Down to the last line, restate the records word for word, but not the pictures.

═══ PROVIDED RECORDS

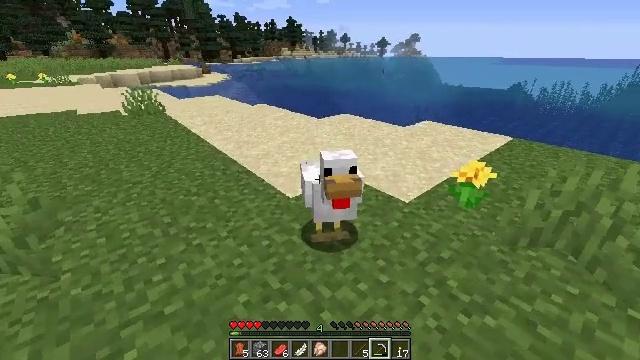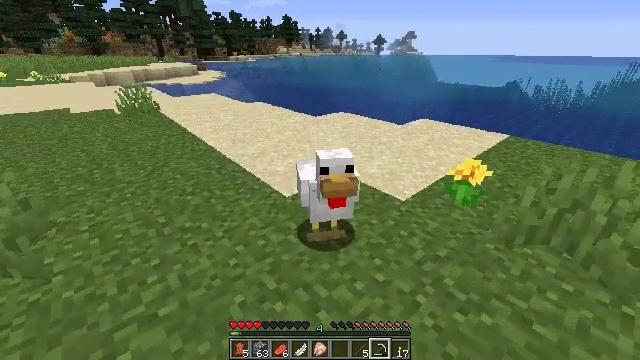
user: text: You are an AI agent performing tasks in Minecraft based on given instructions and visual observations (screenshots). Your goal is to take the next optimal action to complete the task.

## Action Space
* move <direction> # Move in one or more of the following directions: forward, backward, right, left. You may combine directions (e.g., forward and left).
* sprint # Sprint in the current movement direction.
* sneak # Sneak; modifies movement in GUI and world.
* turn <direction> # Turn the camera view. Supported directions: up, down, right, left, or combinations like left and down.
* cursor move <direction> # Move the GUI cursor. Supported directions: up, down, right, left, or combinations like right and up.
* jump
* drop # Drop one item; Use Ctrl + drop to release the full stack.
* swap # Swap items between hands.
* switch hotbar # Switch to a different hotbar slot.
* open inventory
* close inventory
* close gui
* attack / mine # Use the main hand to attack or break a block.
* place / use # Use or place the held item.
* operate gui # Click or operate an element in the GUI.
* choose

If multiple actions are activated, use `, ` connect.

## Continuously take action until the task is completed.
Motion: motion action
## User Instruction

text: Kill the chicken.
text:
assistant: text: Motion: no_op
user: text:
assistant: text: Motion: no_op
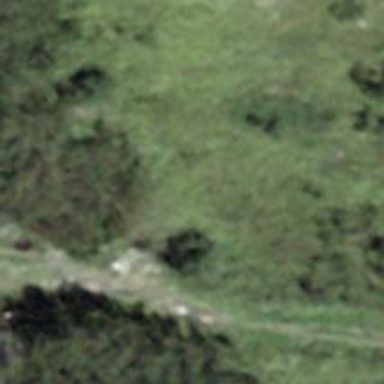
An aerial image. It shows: Path covered with grass.
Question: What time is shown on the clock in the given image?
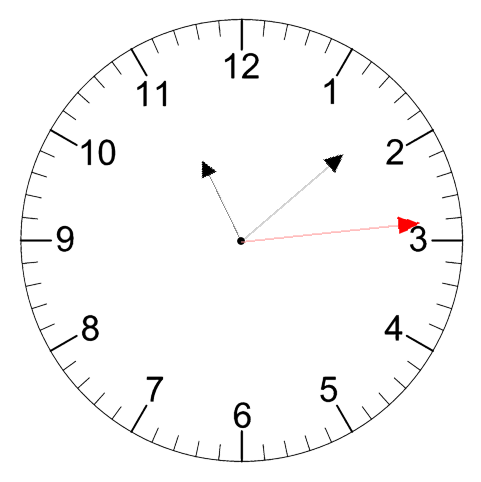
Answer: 11:08:14
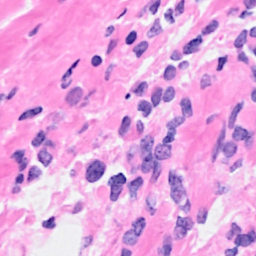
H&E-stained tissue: Breast
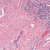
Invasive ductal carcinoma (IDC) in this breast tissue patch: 1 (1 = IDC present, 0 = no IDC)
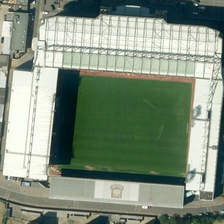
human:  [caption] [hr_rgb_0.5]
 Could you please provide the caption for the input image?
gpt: some green trees and many cars are near a large stadium .

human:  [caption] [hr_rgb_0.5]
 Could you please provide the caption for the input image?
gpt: some green trees and many cars are near a large stadium .

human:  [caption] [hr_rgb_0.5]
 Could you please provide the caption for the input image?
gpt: some green trees and many cars are near a large stadium .

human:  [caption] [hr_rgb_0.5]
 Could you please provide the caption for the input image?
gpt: some green trees and many cars are near a large stadium .

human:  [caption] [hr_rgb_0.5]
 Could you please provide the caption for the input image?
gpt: some green trees and many cars are near a large stadium .
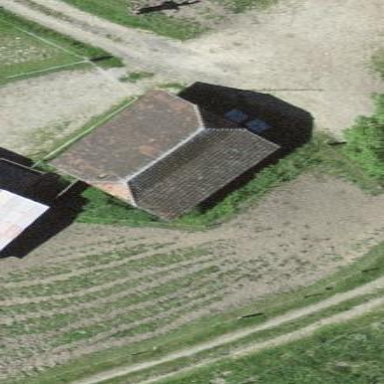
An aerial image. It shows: Rural barn.
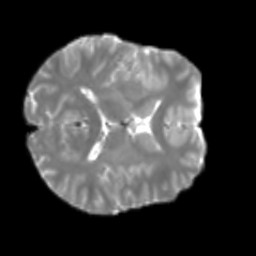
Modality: T2w
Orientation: axial
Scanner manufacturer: siemens
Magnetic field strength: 3 T
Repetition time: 4 s
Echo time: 0.0594 s
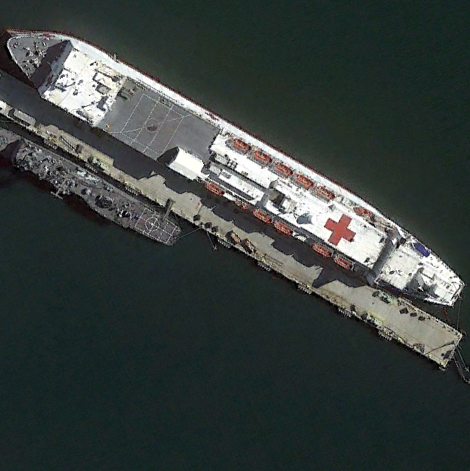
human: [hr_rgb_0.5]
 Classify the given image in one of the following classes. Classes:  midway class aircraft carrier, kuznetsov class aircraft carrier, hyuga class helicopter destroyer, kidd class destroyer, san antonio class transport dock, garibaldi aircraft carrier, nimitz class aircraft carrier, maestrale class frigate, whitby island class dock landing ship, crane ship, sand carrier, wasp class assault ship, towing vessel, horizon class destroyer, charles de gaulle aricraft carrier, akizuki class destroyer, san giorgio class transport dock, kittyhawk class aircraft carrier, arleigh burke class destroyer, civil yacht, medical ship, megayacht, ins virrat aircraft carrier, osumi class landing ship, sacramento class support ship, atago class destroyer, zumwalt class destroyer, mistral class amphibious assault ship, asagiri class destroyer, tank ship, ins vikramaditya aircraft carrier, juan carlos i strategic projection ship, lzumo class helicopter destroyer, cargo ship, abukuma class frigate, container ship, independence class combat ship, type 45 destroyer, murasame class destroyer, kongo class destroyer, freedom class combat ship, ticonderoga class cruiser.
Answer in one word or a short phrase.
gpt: Medical ship
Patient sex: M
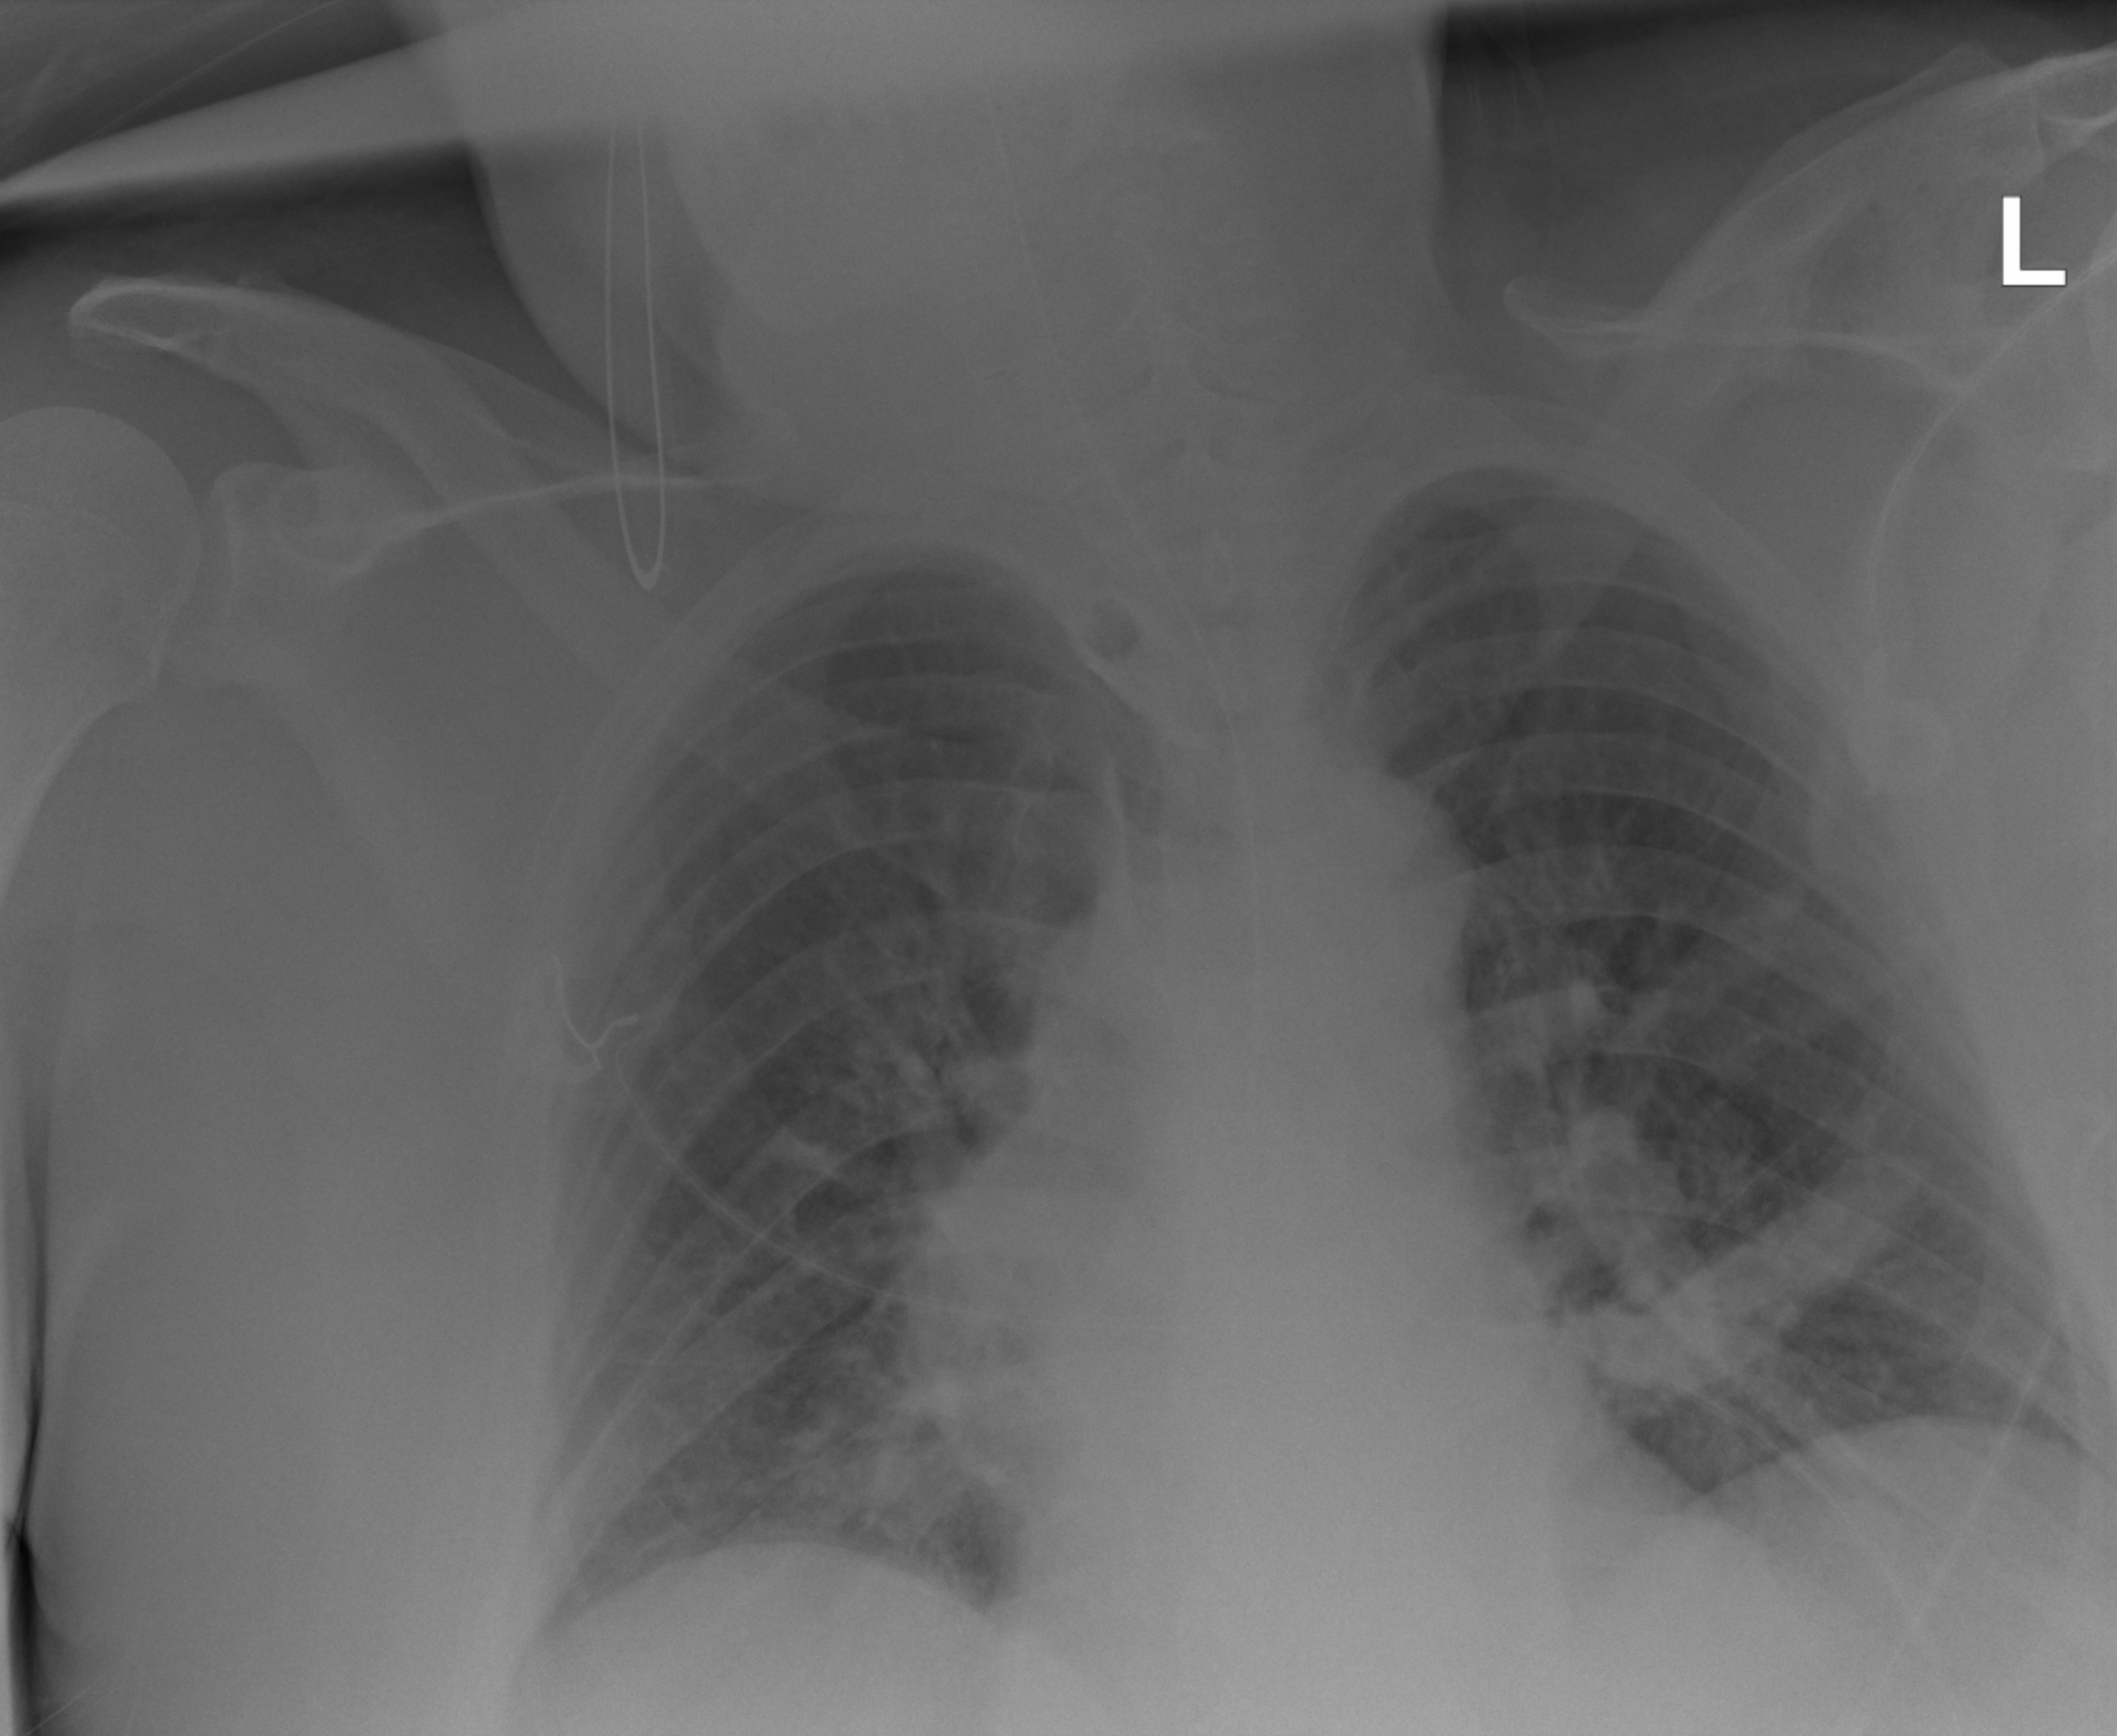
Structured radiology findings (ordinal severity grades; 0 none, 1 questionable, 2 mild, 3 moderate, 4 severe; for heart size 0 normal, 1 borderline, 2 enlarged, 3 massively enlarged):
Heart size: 1
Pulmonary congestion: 1
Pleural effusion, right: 0
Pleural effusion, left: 0
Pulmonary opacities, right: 0
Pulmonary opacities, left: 1
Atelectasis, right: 0
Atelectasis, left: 2

══════

▶ **ANSWER TO THIS TASK**:
user: text: You are an AI agent performing tasks in Minecraft based on given instructions and visual observations (screenshots). Your goal is to take the next optimal action to complete the task.

## Action Space
* move <direction> # Move in one or more of the following directions: forward, backward, right, left. You may combine directions (e.g., forward and left).
* sprint # Sprint in the current movement direction.
* sneak # Sneak; modifies movement in GUI and world.
* turn <direction> # Turn the camera view. Supported directions: up, down, right, left, or combinations like left and down.
* cursor move <direction> # Move the GUI cursor. Supported directions: up, down, right, left, or combinations like right and up.
* jump
* drop # Drop one item; Use Ctrl + drop to release the full stack.
* swap # Swap items between hands.
* switch hotbar # Switch to a different hotbar slot.
* open inventory
* close inventory
* close gui
* attack / mine # Use the main hand to attack or break a block.
* place / use # Use or place the held item.
* operate gui # Click or operate an element in the GUI.
* choose

If multiple actions are activated, use `, ` connect.

## Continuously take action until the task is completed.
Motion: motion action
## User Instruction

text: Kill the chicken.
text:
assistant: text: Motion: no_op
user: text:
assistant: text: Motion: no_op
An aerial image. It shows: Path covered with grass.
Question: What time is shown on the clock in the given image?
Answer: 11:08:14
H&E-stained tissue: Breast
Invasive ductal carcinoma (IDC) in this breast tissue patch: 1 (1 = IDC present, 0 = no IDC)
human:  [caption] [hr_rgb_0.5]
 Could you please provide the caption for the input image?
gpt: some green trees and many cars are near a large stadium .

human:  [caption] [hr_rgb_0.5]
 Could you please provide the caption for the input image?
gpt: some green trees and many cars are near a large stadium .

human:  [caption] [hr_rgb_0.5]
 Could you please provide the caption for the input image?
gpt: some green trees and many cars are near a large stadium .

human:  [caption] [hr_rgb_0.5]
 Could you please provide the caption for the input image?
gpt: some green trees and many cars are near a large stadium .

human:  [caption] [hr_rgb_0.5]
 Could you please provide the caption for the input image?
gpt: some green trees and many cars are near a large stadium .
An aerial image. It shows: Rural barn.
Modality: T2w
Orientation: axial
Scanner manufacturer: siemens
Magnetic field strength: 3 T
Repetition time: 4 s
Echo time: 0.0594 s
human: [hr_rgb_0.5]
 Classify the given image in one of the following classes. Classes:  midway class aircraft carrier, kuznetsov class aircraft carrier, hyuga class helicopter destroyer, kidd class destroyer, san antonio class transport dock, garibaldi aircraft carrier, nimitz class aircraft carrier, maestrale class frigate, whitby island class dock landing ship, crane ship, sand carrier, wasp class assault ship, towing vessel, horizon class destroyer, charles de gaulle aricraft carrier, akizuki class destroyer, san giorgio class transport dock, kittyhawk class aircraft carrier, arleigh burke class destroyer, civil yacht, medical ship, megayacht, ins virrat aircraft carrier, osumi class landing ship, sacramento class support ship, atago class destroyer, zumwalt class destroyer, mistral class amphibious assault ship, asagiri class destroyer, tank ship, ins vikramaditya aircraft carrier, juan carlos i strategic projection ship, lzumo class helicopter destroyer, cargo ship, abukuma class frigate, container ship, independence class combat ship, type 45 destroyer, murasame class destroyer, kongo class destroyer, freedom class combat ship, ticonderoga class cruiser.
Answer in one word or a short phrase.
gpt: Medical ship
Patient sex: M
Structured radiology findings (ordinal severity grades; 0 none, 1 questionable, 2 mild, 3 moderate, 4 severe; for heart size 0 normal, 1 borderline, 2 enlarged, 3 massively enlarged):
Heart size: 1
Pulmonary congestion: 1
Pleural effusion, right: 0
Pleural effusion, left: 0
Pulmonary opacities, right: 0
Pulmonary opacities, left: 1
Atelectasis, right: 0
Atelectasis, left: 2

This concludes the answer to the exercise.